Il sacrificio è un traguardo, la meta del percorso, del viaggio che spesso Pierfranco Bruni cita e su cui si sofferma non come semplice metafora della vita, sarebbe banale affermarlo, ma come la ricostruzione della memoria, l’analisi salvifica del mistero, la passione del ritorno, anche se verso il silenzio: “Il paese è invecchiato/ tra i giorni/ e l’attesa/ è un’ombra/ raccolta/ nel guscio/ della sera”..”il paese/ è toccato/ da una nuova solitudine”…”si decompone/ il giorno/ e il paese/ vive/ l’ultima/ bugia”…”da qui/ misuro/ le distanze”. Il viaggio quindi è misura del tempo, non il contrario, esso ricompone scompone la memoria, ed anche se aleggia la paura che tutto ritorni al nulla, l’io si oppone eroicamente alla disgregazione e misura le distanze”Ho accettato/ l’attesa/ e ho raccolto/ nel cavo del cuore/ le notti/ e i nomi/ del mio viaggio”…”Raccolgo le ultime cose/ Il viaggio/ mi cerca”…Ma se il viaggio consuma il tempo e non dà spazio alla memoria allora il senso del vuoto, dell’inevitabileperdita non si trasforma in dolore ma in indifferenza e rende inutile il sacrificio: “Il viaggio/ non ha/ alcun ritorno/ l’ho capito/ quando tutto/ era stato/ già scommesso”. E’ il ritorno la chiave del senso, quando viene scaltramente rifiutata la partenza:”le partenze/ sono ore/ rubate…”
Il
ritorno non comporta una somma delle cose perdute, di ciò che si è lasciato e
non si è ritrovato, né procura solo una sorta di raccoglimento che rinchiude l’io nella sterile prigione della
malinconia, è al contrario un bisogno di raccolta,
di raccattare ciò che è sfuggito al rimpianto, che è rimasto autenticamente
fedele al ricordo, sottraendosi alla falce plumbea del tempo: “chiudo il gioco/
delle malinconie/ ricostruendo/ ricordi senza
senso”, per cui il poeta aggiunge: ”Le mie memorie/ restano/ l’ipotesi
peggiore”. Senza la ricostruzione del sacrificio non può esserci la
sublimazione della sofferenza.
La
lontananza priva di memoria provoca
l’assenza di malinconia: “Questo enorme silenzio/ mi trova lontano/ ho
voglia di una malinconia rubata” .
Il ritorno non cancella il senso di
smarrimento senza che alla base non ci sia uno sforzo titanico del poeta ad
affrontare il tempo, a convertire il senso di solitudine nella dimensione della
ricerca. “Vado lontano/ sulla corda della luna/ a raccogliere/ gocce di tempo/
La mia solitudine/ è un gesto antico”.
Nell’immagine
onnipresente della luna sembra riflettersi il richiamo antico della poesia
greca, riscoperta da Leopardi, al cuore degli uomini quando si dava alla
solitudine il valore della certezza, dell’uomo che nasceemuore da solo: “La solitudine/ non è la nebbia del giorno/ E’

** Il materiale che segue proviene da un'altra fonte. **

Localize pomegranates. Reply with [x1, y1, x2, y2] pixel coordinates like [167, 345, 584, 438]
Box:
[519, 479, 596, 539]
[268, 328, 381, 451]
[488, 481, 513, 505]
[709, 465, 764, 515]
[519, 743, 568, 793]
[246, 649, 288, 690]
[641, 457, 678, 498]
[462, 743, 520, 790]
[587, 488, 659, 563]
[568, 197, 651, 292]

la certezza/ di essere/ tutti/ distanti”.
Nella
poesia di Pierfranco Bruni la luna non solo partecipa, ma è l’archetipo della
raccolta della memoria, della rinuncia alla rassegnazione nella ricostruzione
del sacrificio: “la luna mi ricopre di gesti/ e il vento di crepuscoli e
memorie”. Tutto è racchiuso nel bisogno di riappropriarsi del tempo, anche se
breve e fuggevole: “Il tempo ormai/ cammina sul palmo della mano”.
Il
binomio solitudine/spazio e silenzio/tempo rinsalda il legame con il valore
della memoria, che riporta ancora una volta un’eco leopardiana.
Ora è
il momento giusto per riconciliarsi con le ore perdute dei gesti sfuggiti alla
memoria, del senso che riapre la possibilità di qualificare il ritorno: il
sacrificio.
Infatti se “Nel tempo –peggiore-/ ho
assistito/ all’impeto/ delle sfide” ora è il tempo migliore per emettere un
grido liberatorio: “E’ valsa la pena partire/ Quando si ritorna/ ci si
ritrova”.
La
fuga è finita ed anche l’isola dei ricordi non è più così lontana ed ammantata
di solitudine, se questa è presente lo è in vista della scoperta che
qualcos’altro vive oltre la sponda dei desideri perduti, oltre l’assenza: “Se
dovessimo perdere le ragioni del viaggio non saremo più capaci di tornare” e “
Il viaggio/ ha una sua storia”. Diventa chiara la percezione possibile del
sacrificio ultimo, quello della memoria: se fosse possibile impedire la
dispersione del tempo, anche le età passate, il senso delle cose perdute
sarebbero rintracciabili nel presente senza la prospettiva malinconica e
funerea del passato.
Uccidere il ricordo, sacrificare la memoria costituisce l’atto ultimo
per dare spazio alla vita del cuore,
all’anima antica dell’uomo che rispetta il tempo e non ne ha paura. Il tempo
non è più una dimensione ma una percezione legata all’attimo, se solo si
distoglie lo sguardo e i volti riscoprono la bellezza dei gesti inaspettati, di
un ghigno tramutato in sorriso, dell’attesa divenuta presenza, del buio
squarciato dalla luce, la realtà riacquista il dono dell’eterno, del valore
dell’età e non della sua dispersione.
Ricomporre con la raccolta e uccidere il senso
del passato fatto di mancanza, di lontananza, di assenza.
Il
sacrificio della memoria non comporta però quello delle illusioni, il sogno
permane mentre la solitudine invecchia e perde la sua forza, che non permette
di andare al di là: il ritorno va oltre, oltre le tenebre della malinconia che
uccide il sogno, in questo viaggio che ha insegnato al poeta a diventare
custode prezioso della forte appartenenza al luogo.
La
sua esperienza è universale perchè simile ad altre in questa unica sinfonia di
voci che celebra così il sacrificio della memoria: “tutte le età/ un poco / si
somigliano/ si distinguono/ solo/ per la loro fantasia/ o/ per la loro /
tristezza/ tutte le età/ hanno memorie/ tutte le età/ si perdono/ lentamente/
fra gli spigoli/ della notte/ tutte/ le età/ si perdono/ e ci perdono”.
In
questo caso la perdita costituisce prorio quel sacrificio della memoria che
permette alla vita di vincere, alla fine.